Parabolas are fascinating curves that appear in many mathematical contexts. The shape of a parabola is defined by a quadratic function, typically written in the standard form as \( ax^2 + bx + c \). Understanding this curve is vital, as it models various real-world phenomena such as the path of projectiles or structures like satellite dishes.
Key characteristics of a parabola:

• If the coefficient \( a \) is positive, the parabola opens upwards, resembling a U-shape.
• If \( a \) is negative, it opens downwards, like an upside-down U.

In the given exercise, the quadratic function \( f(x) = -4x^2 + 5x \) has a negative \( a \, (a = -4) \), indicating a downward opening parabola. This automatically suggests that the function has a maximum point since the parabola caps at its highest point before continuing downwards.

The vertex of a parabola is a significant point, representing the peak or the lowest point of the parabola. To find the vertex for a quadratic equation in the form \( ax^2 + bx + c \), we use the vertex formula for the x-coordinate:
\[ x = \frac{-b}{2a} \]
This formula is derived from completing the square or using calculus (derivative setting). It pinpoints where the curve changes direction or the highest/lowest point.
In the exercise, by substituting \( b = 5 \) and \( a = -4 \) into the formula, we calculate:
\[ x = \frac{-5}{2(-4)} = \frac{5}{8} = 0.625 \]
The x-coordinate of the vertex is therefore 0.625. This x-value, when inserted back into the original function, helps to find the y-coordinate, completing the vertex's location.
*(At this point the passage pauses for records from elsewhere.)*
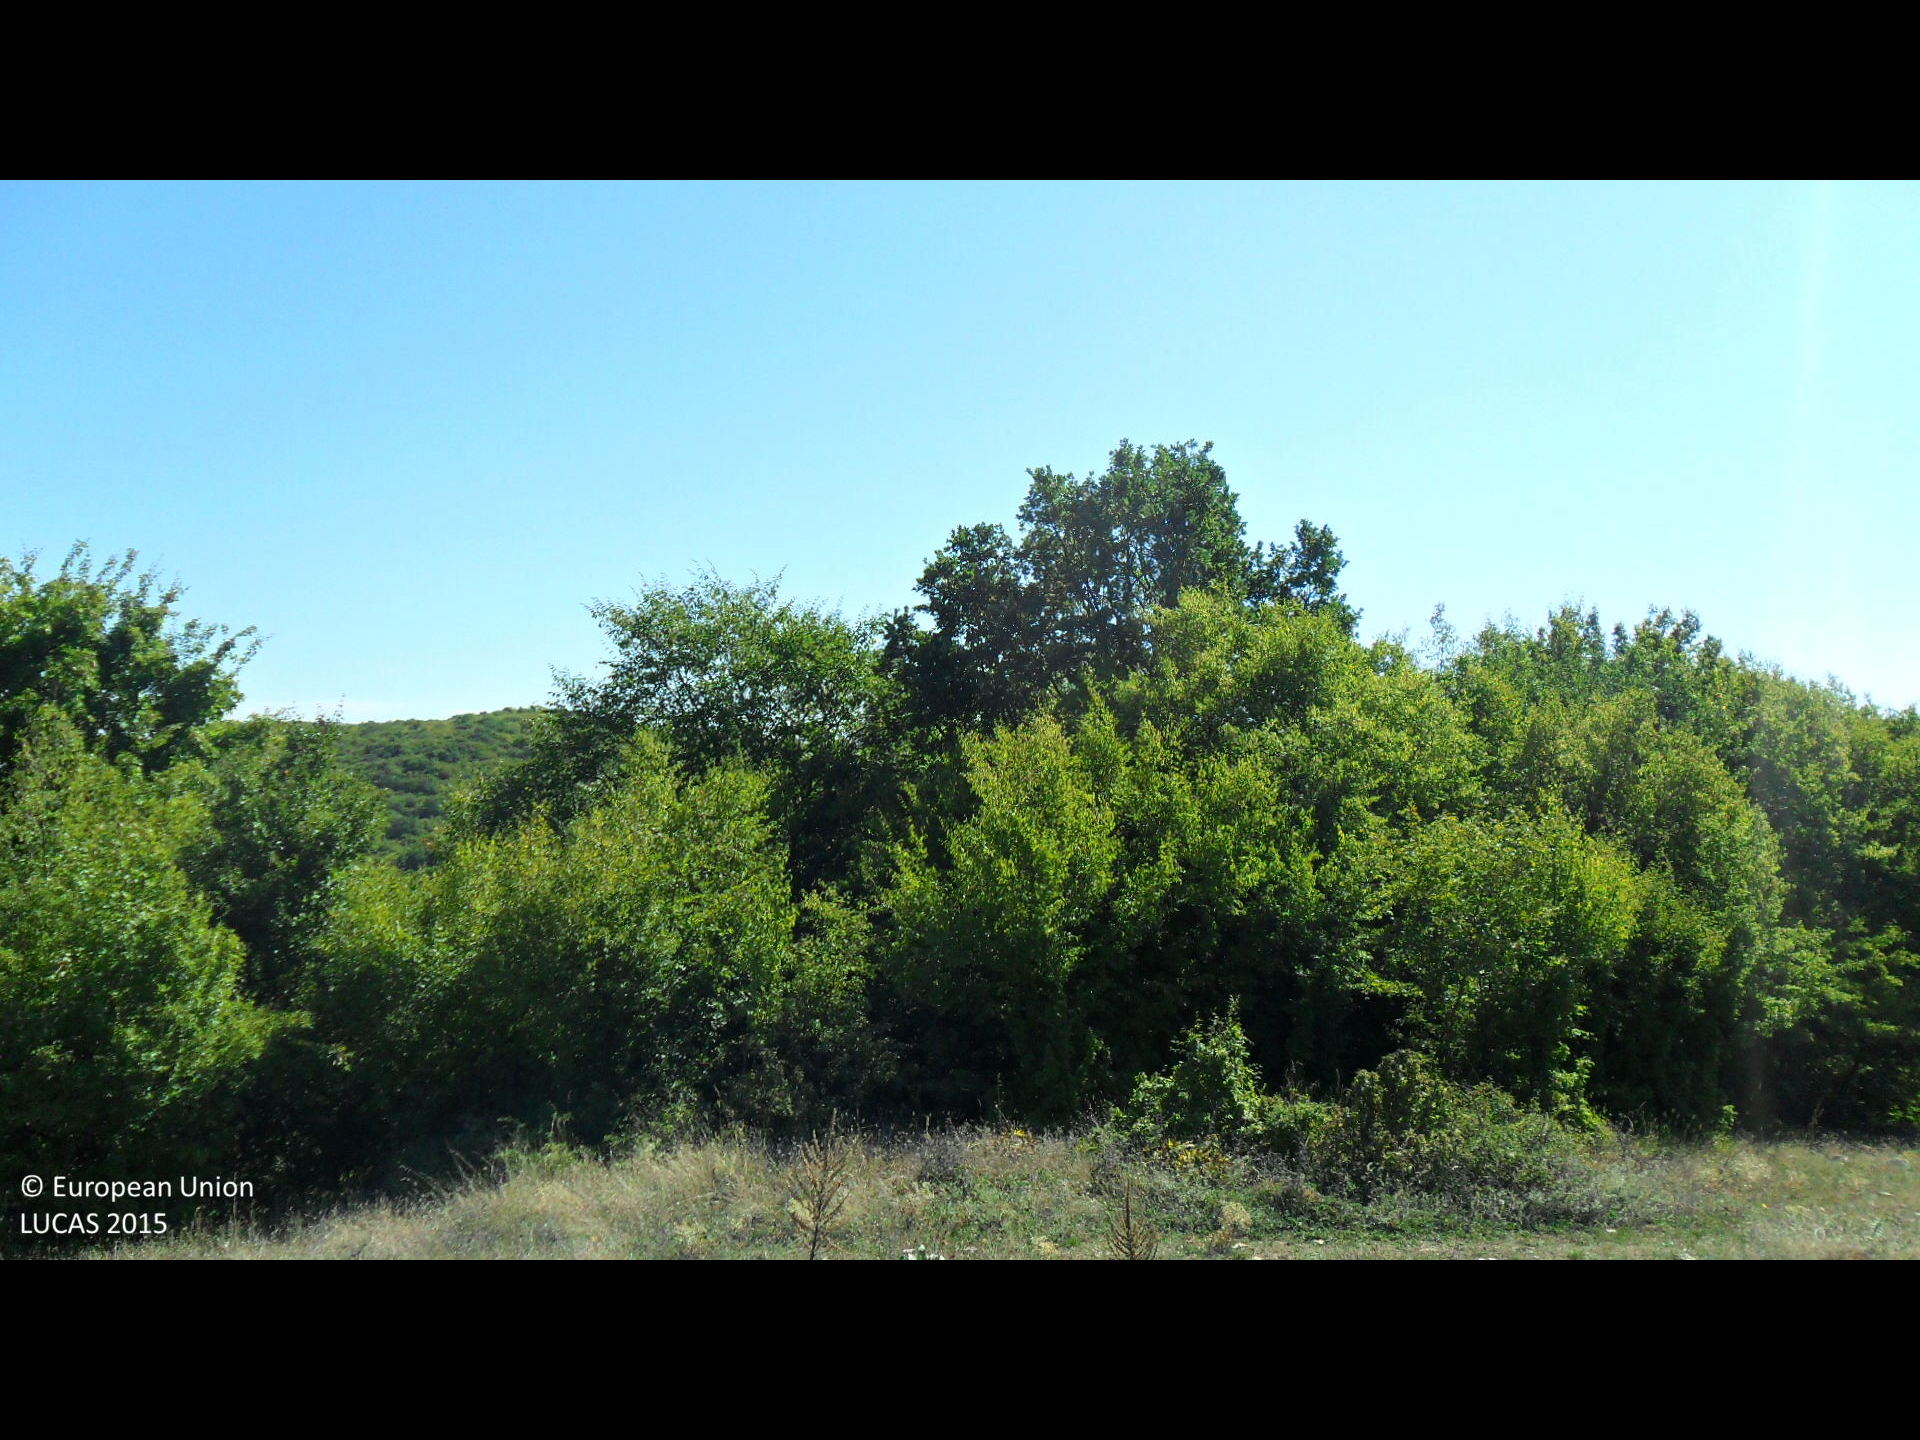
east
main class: Grassland
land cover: Grassland with sparse tree/shrub cover
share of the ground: > 75 %
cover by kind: herbaceous plants 90 %, broadleaved forest trees 5 %, shrubs 5 %
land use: Agriculture (excluding fallow land and kitchen gardens)
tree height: > 5 m
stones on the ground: 25 - 50 %
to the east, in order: Grassland with sparse tree/shrub cover; Broadleaved woodland; Tracks; Broadleaved woodland
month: September
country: BG
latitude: 43.2053
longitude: 26.4824

The concepts of maximum and minimum values in quadratic functions revolve around their parabolic nature.
When a parabola opens upwards (\( a > 0 \)), it has a minimum value at its vertex, forming a lowest point of the curve.
On the other hand, when a parabola opens downwards (\( a < 0 \)), it displays a maximum value at its vertex, being at the top of its arc.
In our exercise:

• The quadratic function \( f(x) = -4x^2 + 5x \) has a \( a < 0 \), meaning a downward-opening parabola with a maximum value.
• By substituting \( x = 0.625 \) into the function, the y-coordinate or the maximum value is found: \( f(0.625) = 1.5625 \).
• Rounding it off to the nearest hundredth gives the final answer: 1.56.

Recognizing these values is crucial for understanding the behavior of the quadratic function in real-world applications. It shows you the turning point from increase to decrease or vice versa, highlighting the extremities of the function, whether it's a maximum peak or a minimum trough.